### [Input material]

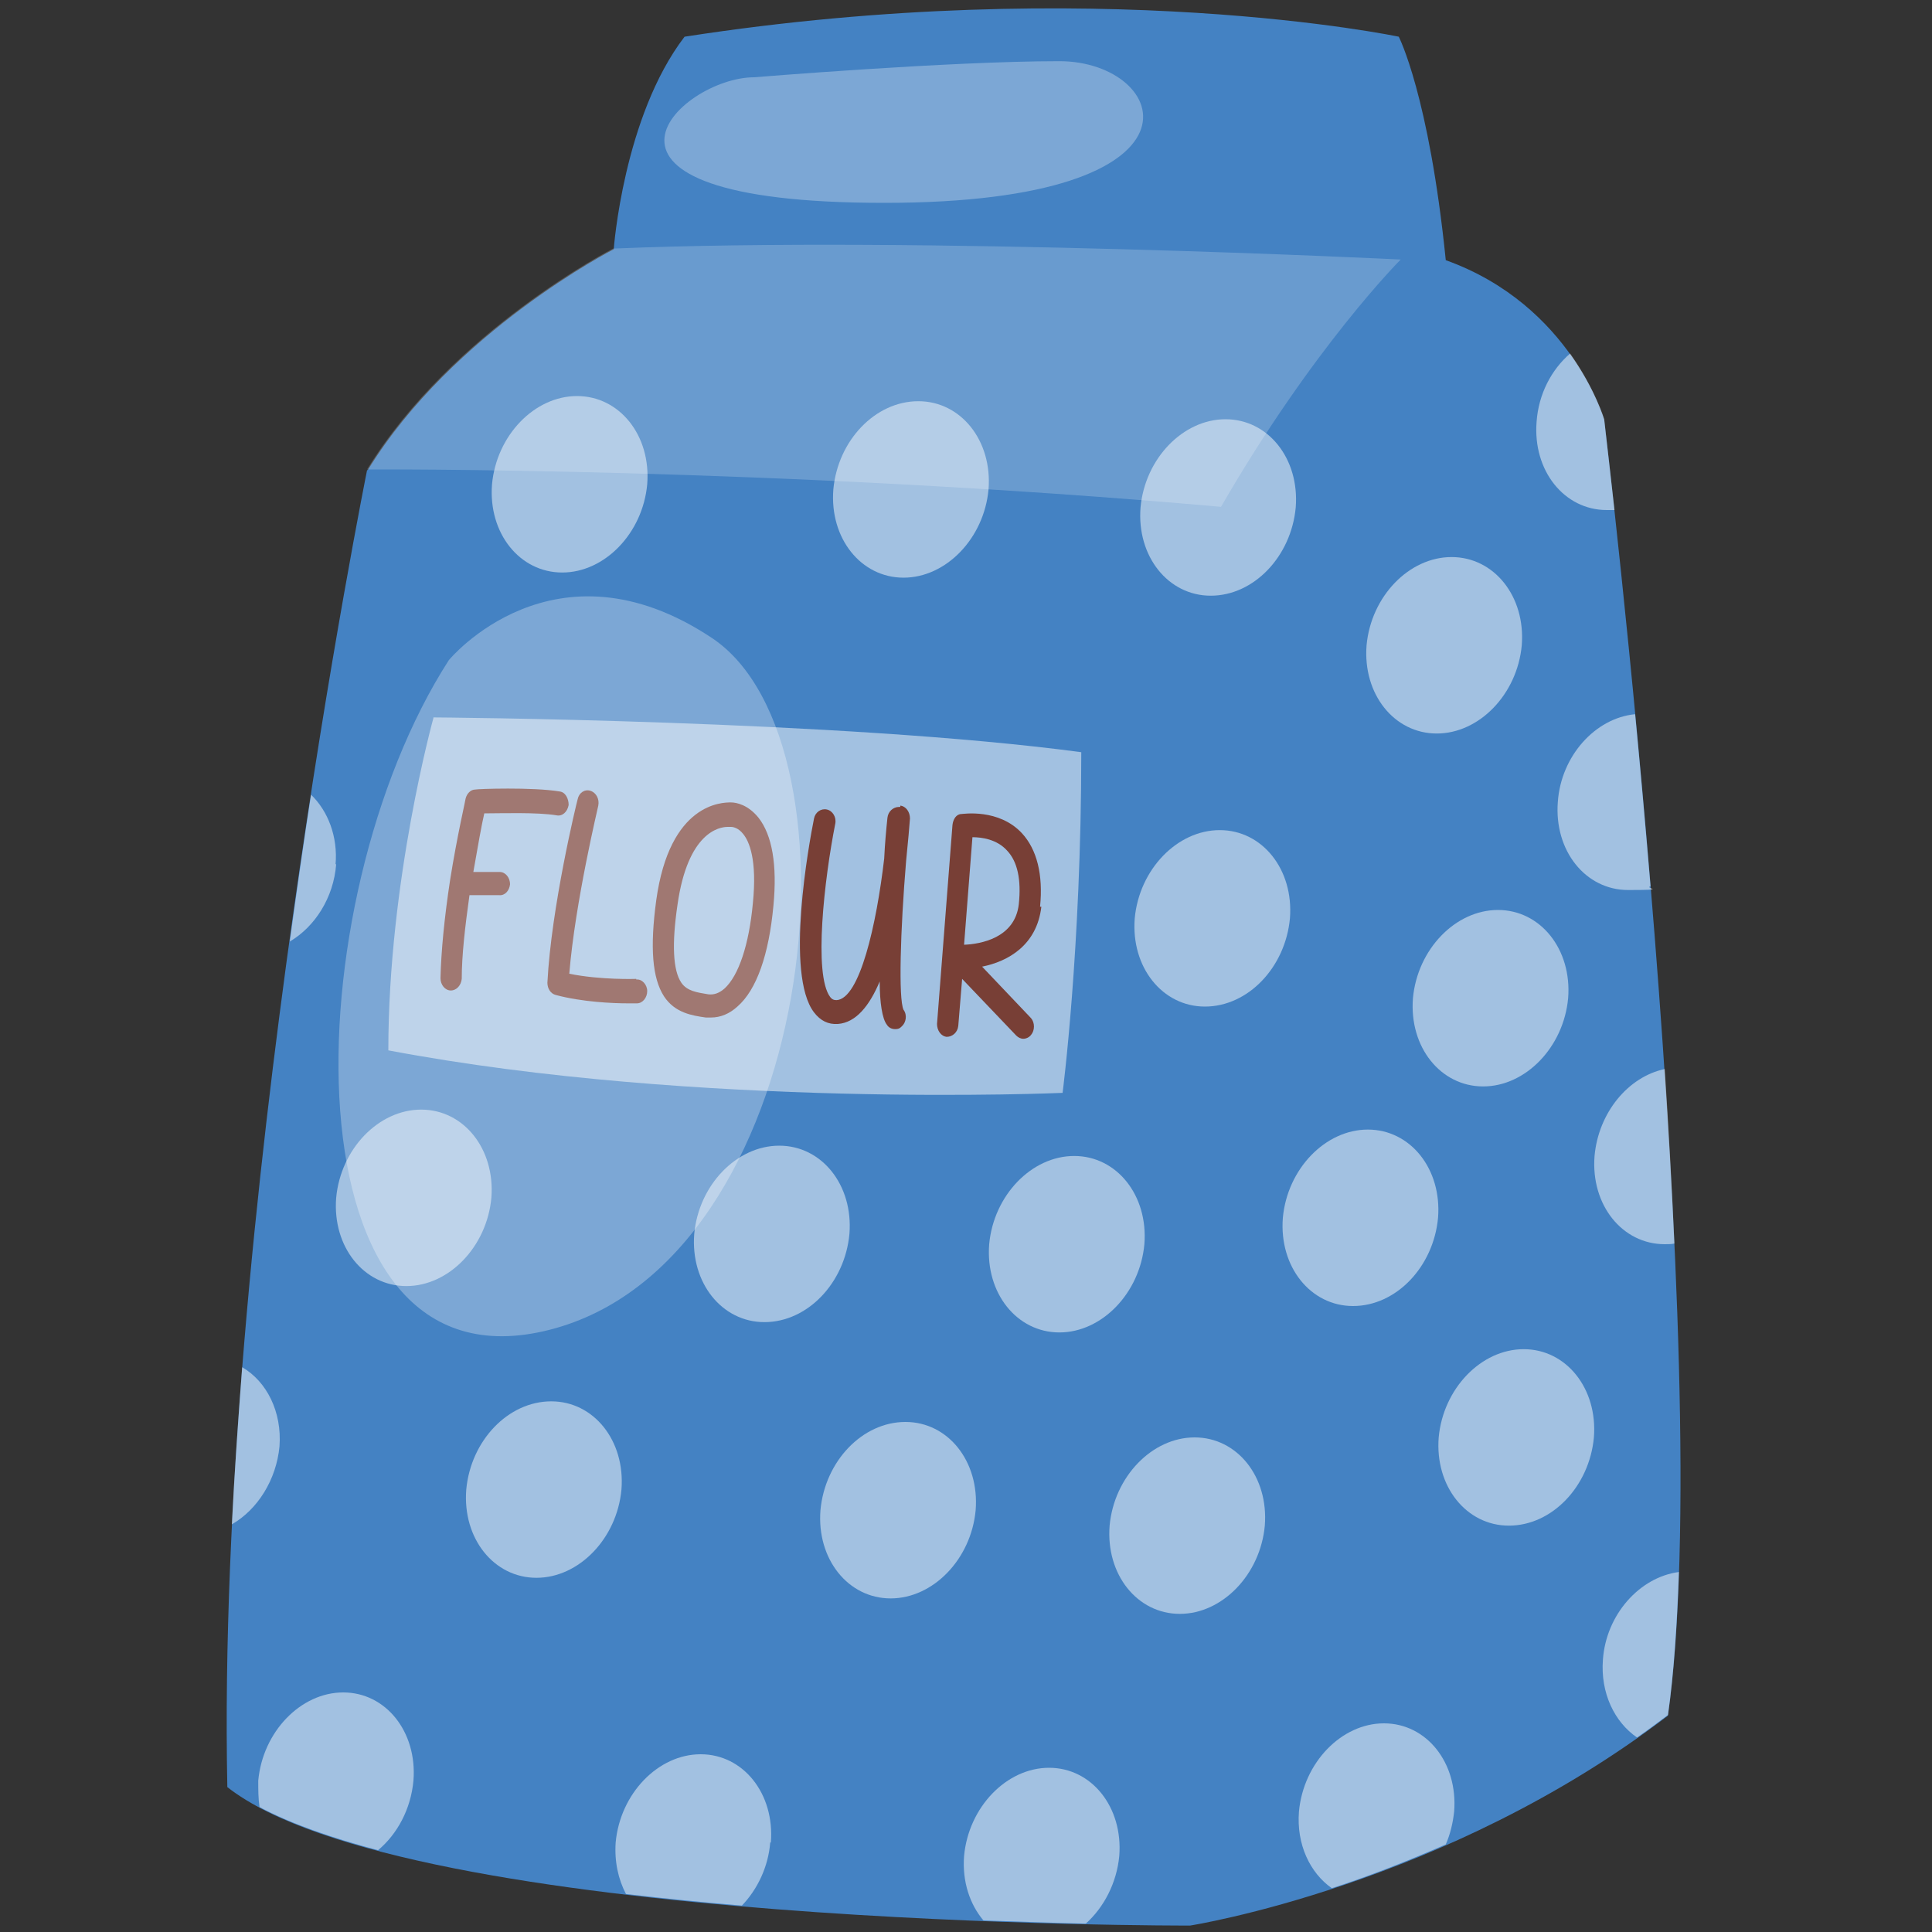 <?xml version="1.0" encoding="UTF-8"?>
<svg id="Layer_1" data-name="Layer 1" xmlns="http://www.w3.org/2000/svg" version="1.1" viewBox="0 0 300 300">
  <rect x="0" y="0" width="300" height="300" fill="#333333" stroke="none"/>
  <defs>
    <style>
      .cls-1 {
        fill: #010101;
        fill-opacity: 0;
      }

      .cls-1, .cls-2, .cls-3, .cls-4, .cls-5, .cls-6, .cls-7 {
        stroke-width: 0px;
      }

      .cls-2 {
        opacity: .2;
      }

      .cls-2, .cls-3, .cls-6, .cls-7 {
        fill: #fff;
      }

      .cls-2, .cls-3, .cls-7 {
        isolation: isolate;
      }

      .cls-3, .cls-8 {
        opacity: .5;
      }

      .cls-4 {
        fill: #783f36;
      }

      .cls-5 {
        fill: #4482c3;
      }

      .cls-7 {
        opacity: .3;
      }
    </style>
  </defs>
  <path class="cls-5" d="M57,73s-23.5,116.5-21.7,204.5c27.9,21.9,149.5,21.5,149.5,21.5,0,0,39.7-6.2,74.2-32.6,7.7-54.5-9.9-201.2-9.9-201.2,0,0-5.1-17.8-24.6-24.8-2.6-25.6-7.3-34.7-7.3-34.7,0,0-47-9.9-110.9,0-9.5,12.4-11,33-11,33,0,0-25,12.8-38.2,34.3h0Z"/>
  <path class="cls-1" d="M184.8,298.9s39.7-6.2,74.2-32.6c7.7-54.5-9.9-201.2-9.9-201.2,0,0-5.1-17.8-24.6-24.8-2.6-25.6-7.3-34.7-7.3-34.7,0,0-13.2-2.8-35.2-3.9,3.2,10.8,6.3,25.2,4.8,37.4-17.6,10.7-44.4,29.1-45.6,36.9,1.5,19.8,21.1,170.7-104.6,152.3-1,16.7-1.5,33.4-1.2,49.1,27.9,21.9,149.5,21.5,149.5,21.5h-.1Z"/>
  <path class="cls-1" d="M217.5,40.3s-13.6,13.6-27.9,38.4c-11.8,82.6-4.8,220.2-4.8,220.2,0,0,39.7-6.2,74.2-32.6,7.7-54.5-9.9-201.2-9.9-201.2,0,0-5.1-17.8-24.6-24.8-2.6-25.6-7.3-34.7-7.3-34.7-2.6,19,.4,34.7.4,34.7h0Z"/>
  <path class="cls-2" d="M189.6,78.7c14.3-24.8,27.9-38.4,27.9-38.4h0s-74.6-3.7-122.3-1.7c0,0-25,12.8-38.2,34.3,0,0,62.8-.4,132.6,5.8h0Z"/>
  <path class="cls-1" d="M192.9,78.7s21.7-28.3,28.5-32.8c9.9,2.9,24.4,19.6,24.4,19.6,0,0-18.9,9.3-52.9,13.2Z"/>
  <path class="cls-1" d="M221.3,45.9c-2.6,1.8-7.4,7-12.4,12.9,8.2.6,22,2.3,36.8,6.8,0,0-14.5-16.7-24.4-19.6h0Z"/>
  <path class="cls-3" d="M67.3,111.4s63.2.4,100.6,5.4c0,30.6-2.9,52.9-2.9,52.9,0,0-56.6,2.5-104.7-6.6,0-26.4,7-51.6,7-51.6h0Z"/>
  <g>
    <path class="cls-4" d="M77.6,135.4h-4.1c.7-4,1.3-7.4,1.7-9.1,2.5,0,8.2-.2,11.2.3.9.2,1.7-.5,1.9-1.6,0-1-.5-2-1.4-2.1-4.2-.7-12.8-.4-13.1-.3-.7,0-1.3.6-1.5,1.4,0,.2-1.3,5.7-2.4,12.6-.9,5.9-1.4,11.1-1.5,15.3,0,1,.7,1.9,1.6,1.9h0c.9,0,1.6-.8,1.7-1.8,0-3.6.5-8,1.2-13h4.6c.9.1,1.6-.7,1.7-1.7,0-1-.7-1.9-1.6-1.9h0Z"/>
    <path class="cls-4" d="M98.8,152s-5.5.2-10.4-.8c.9-11.1,4.5-26,4.5-26.1.2-1-.3-2-1.2-2.3-.9-.3-1.8.3-2,1.3-.2.7-4.1,16.8-4.7,28.5,0,.9.5,1.7,1.3,1.9,4.1,1.1,8.9,1.3,11.2,1.3s1.4,0,1.4,0c.9,0,1.6-.9,1.6-1.9s-.8-1.9-1.7-1.8h0Z"/>
    <path class="cls-4" d="M113.5,124.6c-1.3,0-9.5,0-11.6,15.2-1,7.4-.6,12.1,1.2,14.9,1.7,2.6,4.4,3,6.5,3.3h.8c1.5,0,2.9-.6,4.1-1.7,3-2.6,4.9-8.1,5.6-15.7.6-6.3-.2-10.9-2.3-13.6-1.6-2-3.4-2.4-4.3-2.4ZM116.9,140.3c-.6,6.4-2.2,11.2-4.4,13.2-.8.7-1.6,1-2.5.9-1.8-.3-3.3-.5-4.2-1.8-1.3-1.9-1.5-6-.6-12.1,1.6-11.3,6.5-12.1,7.8-12.1s.3,0,.3,0h.2c.4,0,1.2.2,1.9,1.1.9,1.1,2.2,3.9,1.5,10.8h0Z"/>
    <path class="cls-4" d="M139.6,125.3c-.9,0-1.7.7-1.8,1.7-.2,1.9-.4,4.1-.5,6.3-1.2,10.3-3.8,21.8-7.4,22-.4,0-.7-.1-1-.5-2.6-3.5-.9-18.3.8-26.9.2-1-.4-2-1.3-2.2-.9-.2-1.8.4-2,1.4-.8,4-4.5,24.2,0,30.1,1,1.3,2.2,1.9,3.7,1.8,2.8-.2,4.9-2.8,6.5-6.6,0,3.3.4,5.8,1.1,6.7.3.5.8.7,1.3.7s.7-.1,1-.4c.7-.6.9-1.8.3-2.6-.8-1.7-.5-12.3.4-23.1.3-2.9.5-5.3.6-6.6,0-1-.6-1.9-1.5-2v.2Z"/>
    <path class="cls-4" d="M161.5,140.8c.5-5-.5-8.9-2.8-11.4-3.6-3.9-9.2-3-9.4-3-.8,0-1.3.8-1.4,1.7l-2.4,30.9c0,1,.6,1.9,1.5,2,.9,0,1.7-.7,1.8-1.7l.6-7.3,8.4,8.8c.3.3.7.5,1.1.5s.9-.2,1.2-.6c.6-.7.6-1.9,0-2.6l-7.6-8c4-.8,8.5-3.3,9.2-9.3h-.2ZM158.2,140.4c-.6,5.3-6,6.2-8.5,6.3l1.3-16.7c1.4,0,3.8.3,5.4,2.1,1.6,1.7,2.2,4.5,1.8,8.3h0Z"/>
  </g>
  <g class="cls-8">
    <path class="cls-6" d="M210.1,202.8c6.7,0,12.5-6.1,13.2-13.7.6-7.6-4.3-13.7-10.9-13.7s-12.5,6.1-13.2,13.7c-.6,7.6,4.3,13.7,10.9,13.7Z"/>
    <path class="cls-6" d="M64.2,276.5c.6-7.6-4.3-13.7-10.9-13.7s-12.5,6.1-13.2,13.7c0,1.4,0,2.8.2,4.1,4.9,2.6,11.2,4.8,18.4,6.7,3-2.5,5.1-6.4,5.5-10.8h0Z"/>
    <path class="cls-6" d="M249.5,79.2h1.2c-1-8.8-1.6-14.1-1.6-14.1,0,0-1.4-4.7-5.3-10.2-2.9,2.5-4.9,6.3-5.2,10.6-.6,7.6,4.3,13.7,10.9,13.7h0Z"/>
    <path class="cls-6" d="M187.1,156.3c6.7,0,12.5-6.1,13.2-13.7.6-7.6-4.3-13.7-10.9-13.7s-12.5,6.1-13.2,13.7c-.6,7.6,4.3,13.7,10.9,13.7Z"/>
    <path class="cls-6" d="M188,92.5c6.7,0,12.5-6.1,13.2-13.7.6-7.6-4.3-13.7-10.9-13.7s-12.5,6.1-13.2,13.7c-.6,7.6,4.3,13.7,10.9,13.7Z"/>
    <path class="cls-6" d="M119.7,286.1c.6-7.6-4.3-13.7-10.9-13.7s-12.5,6.1-13.2,13.7c-.2,3,.4,5.7,1.6,8,6,.7,12,1.3,18,1.8,2.4-2.5,4.1-6,4.4-9.8h0Z"/>
    <path class="cls-6" d="M248.9,257.7c-.4,5.2,1.8,9.7,5.3,12.1,1.6-1.1,3.2-2.3,4.8-3.5.9-6.3,1.4-13.8,1.7-22.2-6.1.8-11.3,6.6-11.8,13.6h0Z"/>
    <path class="cls-6" d="M43.4,224.6c.4-5.4-2-10.1-5.8-12.3-.6,8.1-1.2,16.3-1.6,24.4,4-2.3,6.9-6.9,7.4-12.1h0Z"/>
    <path class="cls-6" d="M76.4,75.2c-.6,7.6,4.3,13.7,10.9,13.7s12.5-6.1,13.2-13.7c.6-7.6-4.3-13.7-10.9-13.7s-12.5,6.1-13.2,13.7Z"/>
    <path class="cls-6" d="M52.2,186c-.6,7.6,4.3,13.7,10.9,13.7s12.5-6.1,13.2-13.7c.6-7.6-4.3-13.7-10.9-13.7s-12.5,6.1-13.2,13.7Z"/>
    <path class="cls-6" d="M85.6,217.6c-6.7,0-12.5,6.1-13.2,13.7-.6,7.6,4.3,13.7,10.9,13.7s12.5-6.1,13.2-13.7c.6-7.6-4.3-13.7-10.9-13.7Z"/>
    <path class="cls-6" d="M52.1,134.3c.4-4.4-1.2-8.4-3.8-10.9-1.1,7.1-2.2,14.8-3.3,22.8,3.9-2.3,6.8-6.8,7.2-12h-.1Z"/>
    <path class="cls-6" d="M142.6,62.3c-6.7,0-12.5,6.1-13.2,13.7-.6,7.6,4.3,13.7,10.9,13.7s12.5-6.1,13.2-13.7c.6-7.6-4.3-13.7-10.9-13.7Z"/>
    <path class="cls-6" d="M140.6,220.8c-6.7,0-12.5,6.1-13.2,13.7-.6,7.6,4.3,13.7,10.9,13.7s12.5-6.1,13.2-13.7c.6-7.6-4.3-13.7-10.9-13.7Z"/>
    <path class="cls-6" d="M243.5,155c.6-7.6-4.3-13.7-10.9-13.7s-12.5,6.1-13.2,13.7c-.6,7.6,4.3,13.7,10.9,13.7s12.5-6.1,13.2-13.7Z"/>
    <path class="cls-6" d="M118.7,205.3c6.7,0,12.5-6.1,13.2-13.7.6-7.6-4.3-13.7-10.9-13.7s-12.5,6.1-13.2,13.7c-.6,7.6,4.3,13.7,10.9,13.7Z"/>
    <path class="cls-6" d="M196.4,236.9c.6-7.6-4.3-13.7-10.9-13.7s-12.5,6.1-13.2,13.7c-.6,7.6,4.3,13.7,10.9,13.7s12.5-6.1,13.2-13.7Z"/>
    <path class="cls-6" d="M225.8,281.3c.6-7.6-4.3-13.7-10.9-13.7s-12.5,6.1-13.2,13.7c-.4,5.1,1.7,9.5,5.1,11.9,5.3-1.7,11.3-4,17.7-6.8.7-1.6,1.1-3.3,1.3-5.1h0Z"/>
    <path class="cls-6" d="M173.8,288.2c.6-7.6-4.3-13.7-10.9-13.7s-12.5,6.1-13.2,13.7c-.3,4,.9,7.5,3,10,5.9.2,11.3.4,15.9.5,2.8-2.5,4.8-6.3,5.2-10.5Z"/>
    <path class="cls-6" d="M153.6,193.2c-.6,7.6,4.3,13.7,10.9,13.7s12.5-6.1,13.2-13.7c.6-7.6-4.3-13.7-10.9-13.7s-12.5,6.1-13.2,13.7Z"/>
    <path class="cls-6" d="M256.3,137.7c-.8-9.5-1.6-18.5-2.4-26.8-6.2.6-11.5,6.5-12,13.6-.6,7.6,4.3,13.7,10.9,13.7s2.4-.2,3.5-.6h0Z"/>
    <path class="cls-6" d="M234.3,236.9c6.7,0,12.5-6.1,13.2-13.7.6-7.6-4.3-13.7-10.9-13.7s-12.5,6.1-13.2,13.7c-.6,7.6,4.3,13.7,10.9,13.7Z"/>
    <path class="cls-6" d="M258.5,193.2c.5,0,1,0,1.5-.1-.4-8.9-.9-18-1.5-27.1-5.7,1.2-10.3,6.8-10.9,13.5-.6,7.6,4.3,13.7,10.9,13.7h0Z"/>
    <path class="cls-6" d="M212.2,100.2c-.6,7.6,4.3,13.7,10.9,13.7s12.5-6.1,13.2-13.7c.6-7.6-4.3-13.7-10.9-13.7s-12.5,6.1-13.2,13.7Z"/>
  </g>
  <path class="cls-1" d="M184.8,298.9s39.7-6.2,74.2-32.6c6.7-47.6-5.8-165.3-9.1-194.5-5.8,54.9-25.4,159.7-90.1,183.7-54,20-98.1,12.9-124.4,4.4v17.6c27.9,21.9,149.5,21.5,149.5,21.5h0Z"/>
  <path class="cls-7" d="M69.7,102.5s16.3-19.8,40.9-3.4c24.5,16.4,16.5,96.8-25.3,107.4-41.7,10.6-39.7-66.6-15.6-104Z"/>
  <path class="cls-7" d="M117.1,12s30.3-2.5,47.4-2.5,25.3,22-27.2,22-31.8-19.5-20.2-19.5Z"/>
</svg>

### [Work request]
Count every line in the data that contains the word "stroke", then give that count and nothing else.

### [Written answer]
2